BEGIN INFORMATION PROVIDED
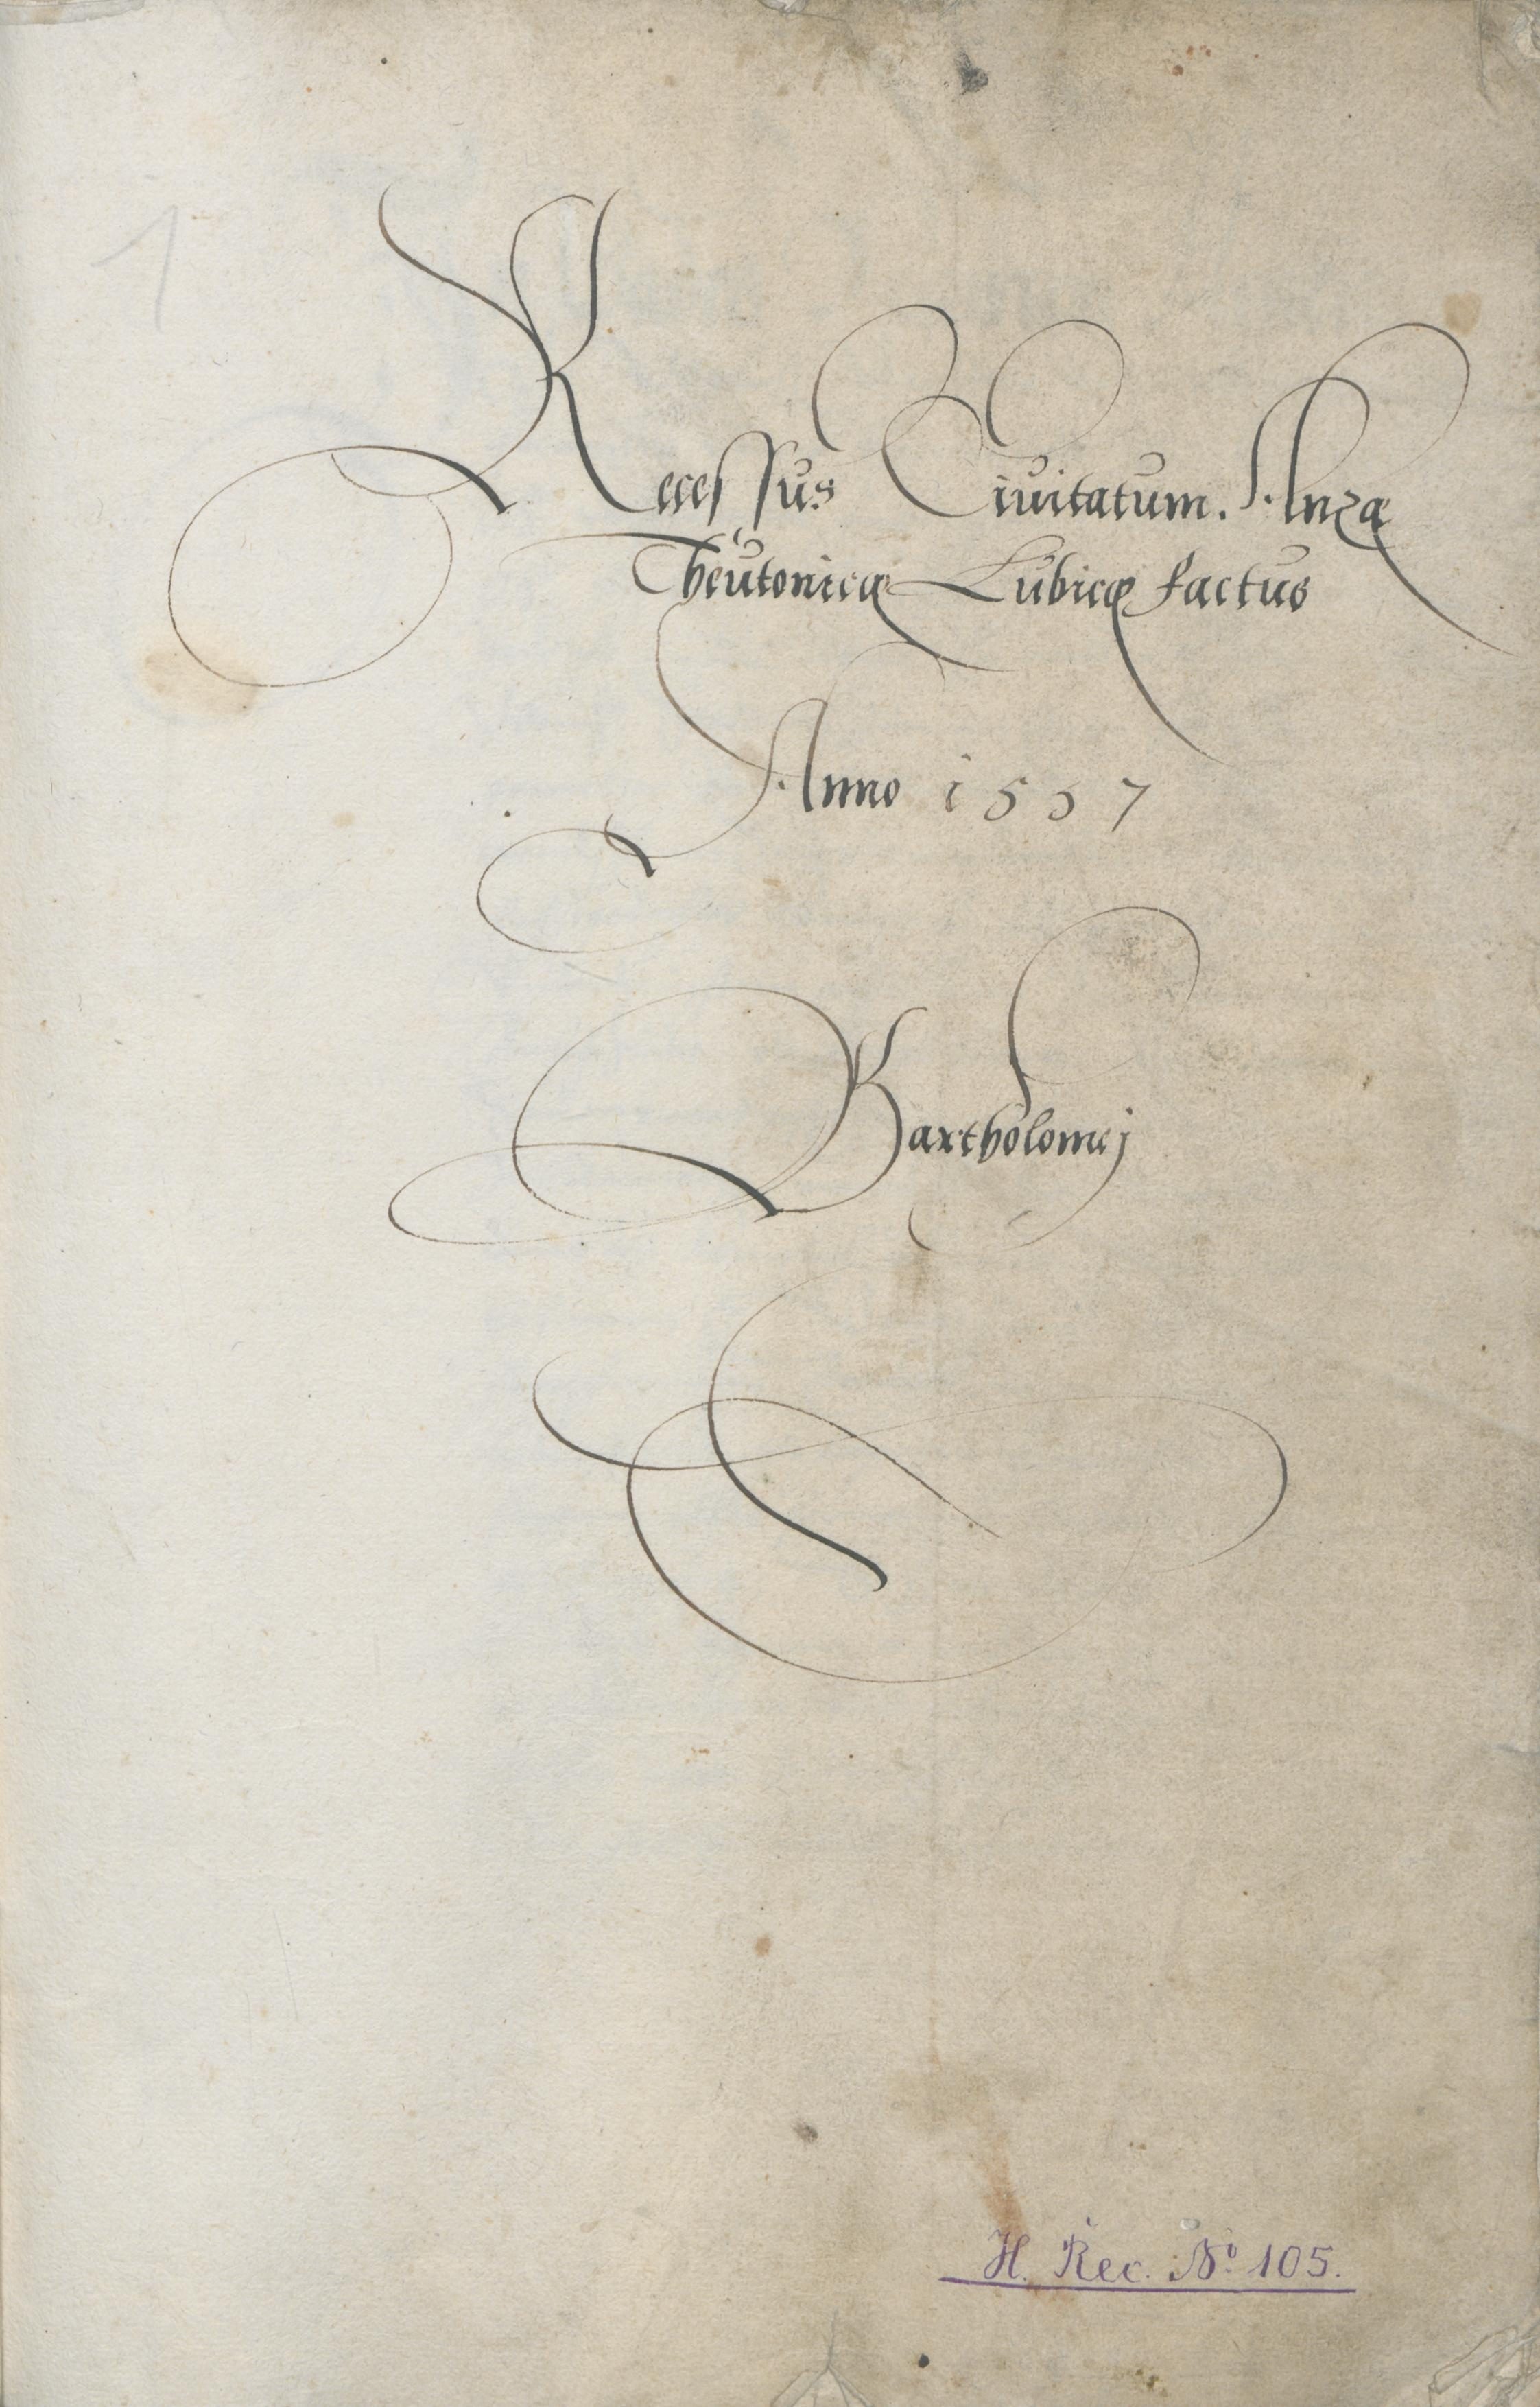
Recessus Ciuitatum Anzae
Theutonicae Lubicae factus
Anno 1557
Bartholomei
H. Rec. No. 105.
END INFORMATION PROVIDED
Return each line above word for word. Skip the pictures.

Recessus Ciuitatum Anzae
Theutonicae Lubicae factus
Anno 1557
Bartholomei
H. Rec. No. 105.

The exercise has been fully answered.